Valendo-se do mesmo critério religioso que empregaram para dividir, os britânicos inventaram um Paquistão Oriental, subordinando politicamente a população de Bangladesh ao governo central de Islamabad. O Paquistão Oriental separou-se apenas em 1971, após uma guerra e um desastre humanitário, tornando-se o atual Bangladesh.

O assassino de Gandhi e mais sete cúmplices foram presos e julgados. Godse e mais um declararam-se culpados porque, segundo eles, Gandhi havia traído a Índia. Ambos foram enforcados em 1949. Eles pertenciam à organização hindu radical Rashtriya Swayamsevak Sangh (RSS). Uma nódoa desceu sobre o discurso nacionalista amparado na identidade religiosa. Pelas décadas seguintes, a Índia definiu a si mesma segundo o conceito da conciliação democrática inter-religiosa, na tradição de Gandhi. 

 

O fim de uma herança?

Símbolo do RSS- grupo ultanacionalista hindu

Símbolo da Rashtriya Swayamsevak Sangh (Organização Nacional de Voluntários), a organização paramilitar hindu de Godse e Modi

O século XXI embaralhou as cartas e trouxe de volta a religião para o centro do debate político, como elemento para a mobilização populista das massas. O atual primeiro-ministro é um filiado da RSS. E sua política representa exatamente o nacionalismo religioso sectário que Gandhi quis evitar em nome da paz de todos os indianos e da não-violência. Hoje, até o namoro entre jovens de distintas comunidades tornou-se objeto de reprovação e perseguição. 

O neto de Gandhi, Tushar A. Gandhi, milita em nome da herança secularista deixada pelo avô. Ele alerta para as campanhas de desinformação produzidas por radicais hindus que tentam reescrever a história da Índia.
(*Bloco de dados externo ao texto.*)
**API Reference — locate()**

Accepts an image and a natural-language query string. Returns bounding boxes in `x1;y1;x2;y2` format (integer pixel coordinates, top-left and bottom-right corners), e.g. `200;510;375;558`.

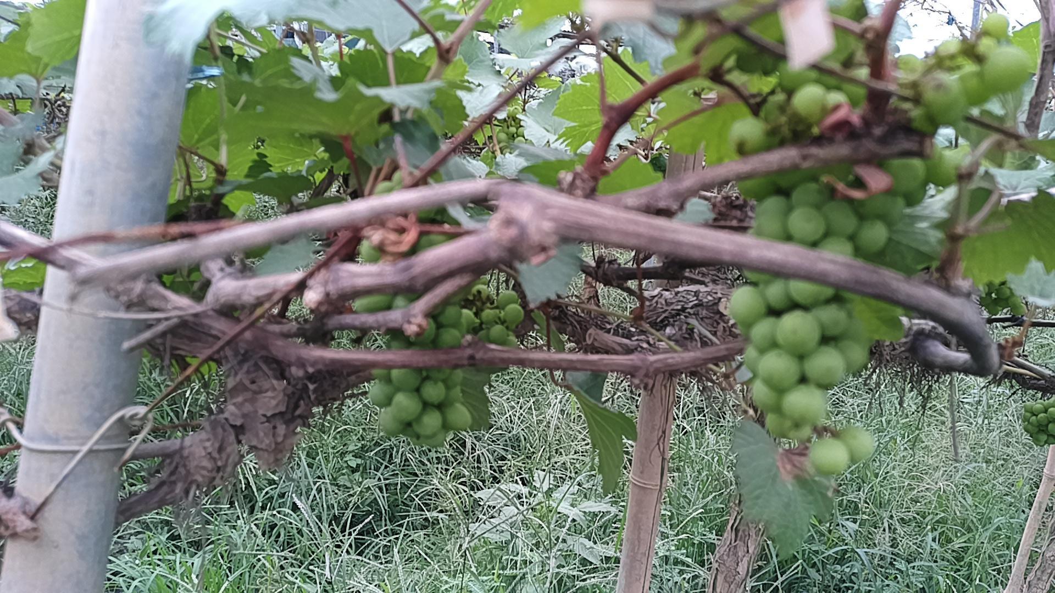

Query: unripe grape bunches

Após o retorno do BJP ao governo central, em 2014, grupos radicais pediram que se erigisse um busto em homenagem a Godse, mas não foram atendidos. “Os grupos radicais estão se apropriando do nobre conceito de nacionalismo defendido pelos pais da Índia frente ao colonialismo. Mas seu nacionalismo é religioso e sectário”, afirma o historiador Aditya Mukherjee. “Ninguém pode negar o papel do radicalismo hindu no assassinato de Gandhi. Como tampouco se pode negar a conexão política do atual governo com os grupos que o mataram.”